A[CoreDNS Metrics] --> B[Query Rate]
A --> C[Cache Hit Ratio]
A --> D[Response Time]
E[StepCA Metrics] --> F[Certificate Issued]
E --> G[Request Latency]
E --> H[Error Rate]
end
style A fill:#4ecdc4,stroke:#087f5b,stroke-width:2px
style E fill:#74c0fc,stroke:#1971c2,stroke-width:2px
Conclusion
This comprehensive setup provides a production-ready DNS and PKI infrastructure on Fedora CoreOS using Podman Quadlet.
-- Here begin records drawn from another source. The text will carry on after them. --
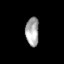
Tissue: skin
Cell type: Others
Senescence score: 0.7286
Nuclear area (px): 376
Mean DAPI intensity: 167.423
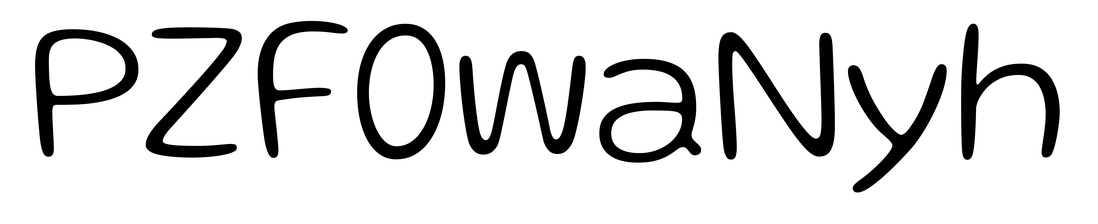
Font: Gluten_ExtraLight
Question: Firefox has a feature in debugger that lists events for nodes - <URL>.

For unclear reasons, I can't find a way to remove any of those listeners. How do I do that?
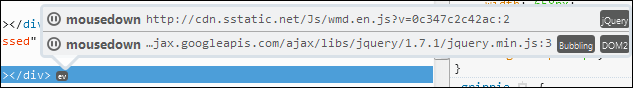
Answer: The same feature is there from the inspector in Chrome, but as you say not in (newish) DevTools in Firefox.
Before DevTools, it was there in Firebug (<URL> has been open for 3 years.
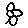
Label: flower
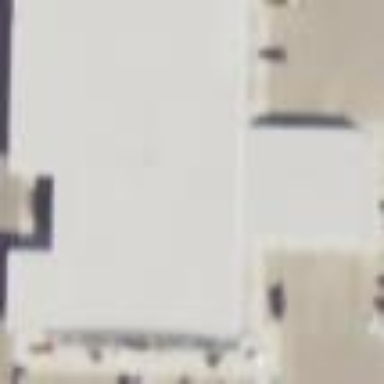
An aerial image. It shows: Building that houses car shop.
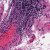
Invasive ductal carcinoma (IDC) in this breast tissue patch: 0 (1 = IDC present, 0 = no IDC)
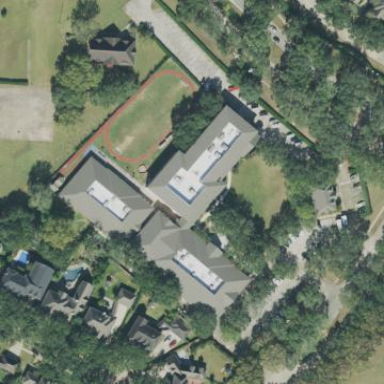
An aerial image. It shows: School.
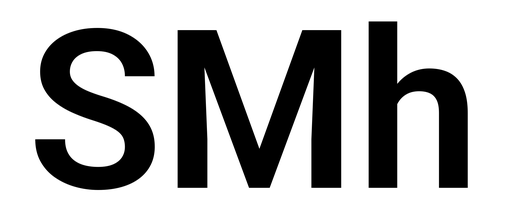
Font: Roboto_SemiBold
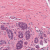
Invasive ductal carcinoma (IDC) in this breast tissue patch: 0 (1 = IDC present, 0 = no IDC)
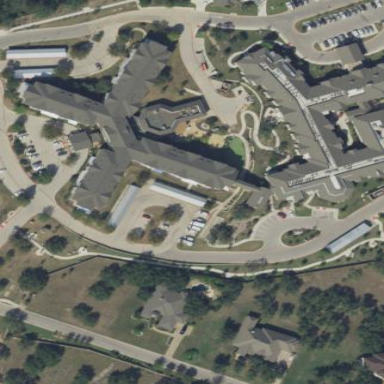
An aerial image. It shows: View of apartment building.
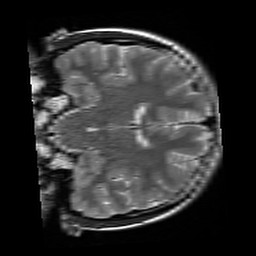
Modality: T2w
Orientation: coronal
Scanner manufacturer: siemens
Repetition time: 3.9 s
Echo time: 0.076 s
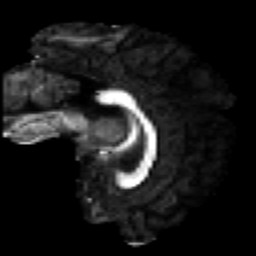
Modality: FA
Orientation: sagittal
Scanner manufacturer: ge
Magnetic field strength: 3 T
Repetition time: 7.98 s
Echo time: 0.0701 s
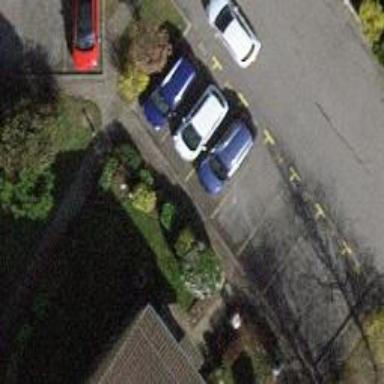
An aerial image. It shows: Street-side parking area.
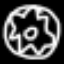
Label: donut
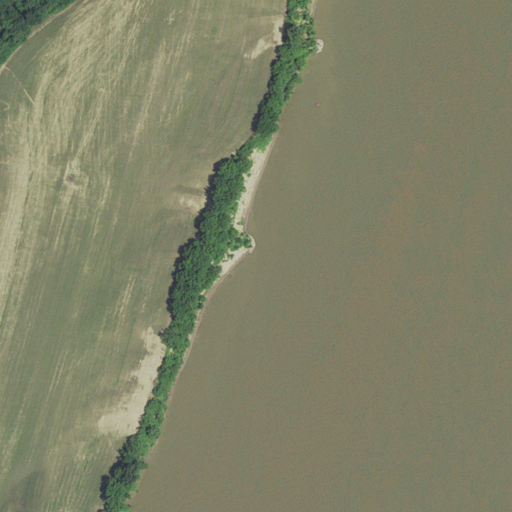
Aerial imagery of island in Kentucky named Henderson Towhead containing open water, cultivated crops, mixed forest, and deciduous forest
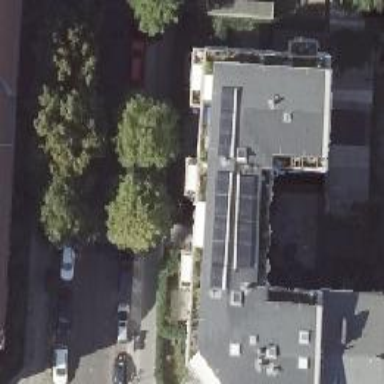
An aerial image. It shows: Solar power generator with photovoltaic panels.
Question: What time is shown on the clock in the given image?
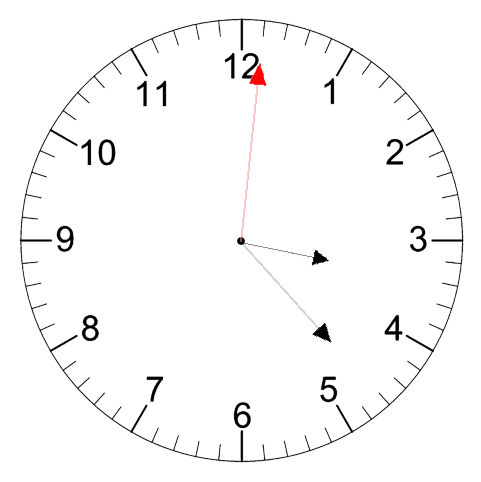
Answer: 03:23:01
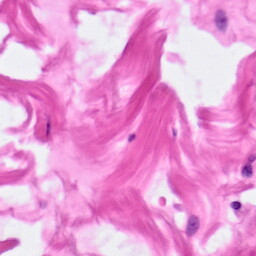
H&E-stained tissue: Pancreatic
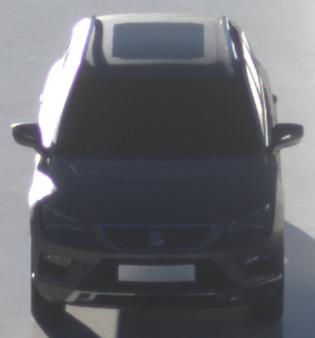
Make: SEAT
Model: Ateca 1.0 TSI Ecomotive
Detailed model: Ateca (5FP)
Model produced from: 2016/08
Model produced until: 2018/08
Doors: 5
Color: gray
Road condition: wet road
Daytime: sunrise or sunset
Contrast: high contrast
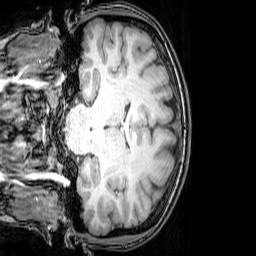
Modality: T1w
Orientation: coronal
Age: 25
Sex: female
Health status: healthy
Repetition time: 0.081 s
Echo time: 0.037 s
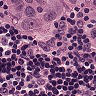
Metastatic tissue present: yes
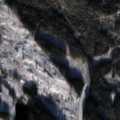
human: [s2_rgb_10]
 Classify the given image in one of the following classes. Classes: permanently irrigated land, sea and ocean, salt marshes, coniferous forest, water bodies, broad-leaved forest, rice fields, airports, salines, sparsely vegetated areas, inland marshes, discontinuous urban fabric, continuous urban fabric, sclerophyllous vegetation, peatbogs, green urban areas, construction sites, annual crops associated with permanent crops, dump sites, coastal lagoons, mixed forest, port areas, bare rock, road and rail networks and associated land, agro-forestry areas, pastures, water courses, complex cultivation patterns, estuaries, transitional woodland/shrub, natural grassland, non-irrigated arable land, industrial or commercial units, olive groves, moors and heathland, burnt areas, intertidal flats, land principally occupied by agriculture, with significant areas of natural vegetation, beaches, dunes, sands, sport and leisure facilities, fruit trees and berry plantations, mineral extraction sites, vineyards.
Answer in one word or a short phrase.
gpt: non-irrigated arable land, coniferous forest, mixed forest, transitional woodland/shrub, water bodies
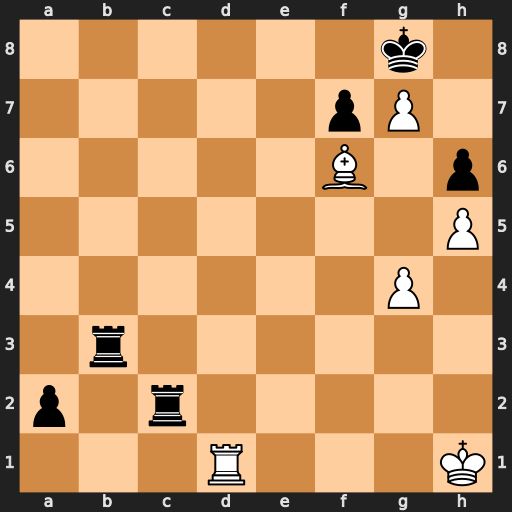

The configuration offers:
- Seamless Integration: Native systemd integration through Quadlet
- High Security: SELinux policies, firewall rules, and container isolation
- Easy Maintenance: Automated updates and backup procedures
- Scalability: Ready for high-availability configurations
- Monitoring: Built-in metrics and health checks
Key advantages:
- No Kubernetes overhead
- Immutable infrastructure approach
- Declarative configuration
- Automatic service management
- Production-grade reliability
By following this guide, you can deploy a robust DNS and certificate infrastructure that’s both secure and maintainable, perfect for internal networks and development environments.